[What you should do] In the records below, please retype word for word every line from the one containing "Name what the box [10,476,332,652]" through the final one, both included, and nothing else.

[Source data]
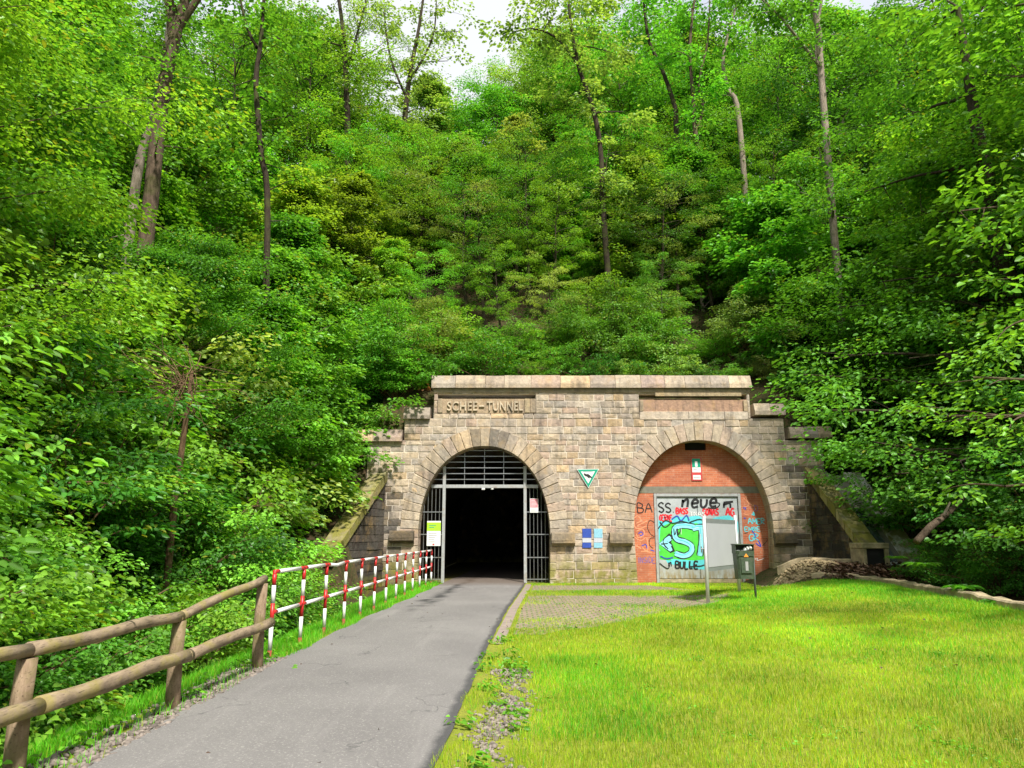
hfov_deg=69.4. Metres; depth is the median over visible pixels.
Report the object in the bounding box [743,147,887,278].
broadleaf tree
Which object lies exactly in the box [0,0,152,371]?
broadleaf tree
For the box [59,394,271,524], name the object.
leafy shrub
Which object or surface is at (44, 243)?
leafy shrub
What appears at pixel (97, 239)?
leafy shrub
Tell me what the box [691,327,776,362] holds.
bramble bush
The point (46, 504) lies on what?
leafy shrub
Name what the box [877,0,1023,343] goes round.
round leaved lime
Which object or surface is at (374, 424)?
bramble bush
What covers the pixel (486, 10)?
sky
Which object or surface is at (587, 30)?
broadleaf tree
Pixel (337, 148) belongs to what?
airy robinia
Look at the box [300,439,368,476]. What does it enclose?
bramble bush
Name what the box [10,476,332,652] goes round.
leafy shrub
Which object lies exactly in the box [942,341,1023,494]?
leafy shrub
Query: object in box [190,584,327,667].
bramble bush
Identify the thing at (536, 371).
bramble bush
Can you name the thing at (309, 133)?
broadleaf tree
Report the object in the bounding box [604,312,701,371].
leafy shrub
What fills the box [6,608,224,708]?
bramble bush
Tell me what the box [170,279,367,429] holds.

[Answer to the problem]
Name what the box [10,476,332,652] goes round.
leafy shrub
Which object lies exactly in the box [942,341,1023,494]?
leafy shrub
Query: object in box [190,584,327,667].
bramble bush
Identify the thing at (536, 371).
bramble bush
Can you name the thing at (309, 133)?
broadleaf tree
Report the object in the bounding box [604,312,701,371].
leafy shrub
What fills the box [6,608,224,708]?
bramble bush
Tell me what the box [170,279,367,429] holds.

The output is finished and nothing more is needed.